Presented by Daniel Bernstein
Suppose each of n people are randomly assigned a rank 1 through n (assume a uniform distribution). Do this twice in a row and take the average rank for each person. What are the chances that you end up with two people who have the same average rank?
See dax_problem.jpg
python3 dax_problem.py will run it once for a given value of n, with
lots of accompanying details so you can check my work.
python3 dax_problem_iterative.py will run it multiple times for values
of n so you can try to find a pattern.
Results for n=2:
Pair (1, 2), (1, 2) [False]: [1.0, 2.0]
Pair (1, 2), (2, 1) [True]: [1.5, 1.5]
Pair (2, 1), (1, 2) [True]: [1.5, 1.5]
Pair (2, 1), (2, 1) [False]: [2.0, 1.0]
Total: 2 matched out of 4 possibilities.
P = 0.5
Results for n=3
Pair (1, 2, 3), (1, 2, 3) [False]: [1.0, 2.0, 3.0]
Pair (1, 2, 3), (1, 3, 2) [True]: [1.0, 2.5, 2.5]
Pair (1, 2, 3), (2, 1, 3) [True]: [1.5, 1.5, 3.0]
Pair (1, 2, 3), (2, 3, 1) [False]: [1.5, 2.5, 2.0]
Pair (1, 2, 3), (3, 1, 2) [False]: [2.0, 1.5, 2.5]
Pair (1, 2, 3), (3, 2, 1) [True]: [2.0, 2.0, 2.0]
Pair (1, 3, 2), (1, 2, 3) [True]: [1.0, 2.5, 2.5]
Pair (1, 3, 2), (1, 3, 2) [False]: [1.0, 3.0, 2.0]
Pair (1, 3, 2), (2, 1, 3) [False]: [1.5, 2.0, 2.5]
Pair (1, 3, 2), (2, 3, 1) [True]: [1.5, 3.0, 1.5]
Pair (1, 3, 2), (3, 1, 2) [True]: [2.0, 2.0, 2.0]
Pair (1, 3, 2), (3, 2, 1) [False]: [2.0, 2.5, 1.5]

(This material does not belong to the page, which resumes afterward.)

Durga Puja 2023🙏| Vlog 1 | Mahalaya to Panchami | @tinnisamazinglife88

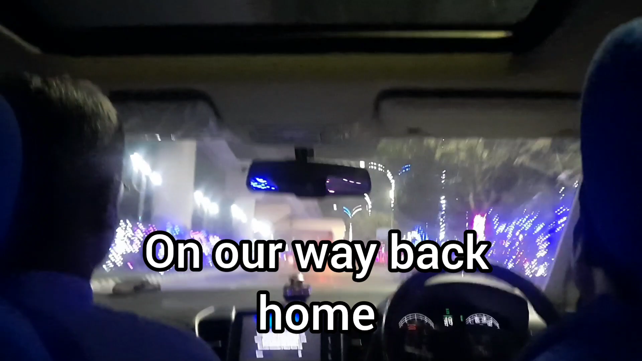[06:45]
At about 3am, now we are on our way back home.

Pair (2, 1, 3), (1, 2, 3) [True]: [1.5, 1.5, 3.0]
Pair (2, 1, 3), (1, 3, 2) [False]: [1.5, 2.0, 2.5]
Pair (2, 1, 3), (2, 1, 3) [False]: [2.0, 1.0, 3.0]
Pair (2, 1, 3), (2, 3, 1) [True]: [2.0, 2.0, 2.0]
Pair (2, 1, 3), (3, 1, 2) [True]: [2.5, 1.0, 2.5]
Pair (2, 1, 3), (3, 2, 1) [False]: [2.5, 1.5, 2.0]
Pair (2, 3, 1), (1, 2, 3) [False]: [1.5, 2.5, 2.0]
Pair (2, 3, 1), (1, 3, 2) [True]: [1.5, 3.0, 1.5]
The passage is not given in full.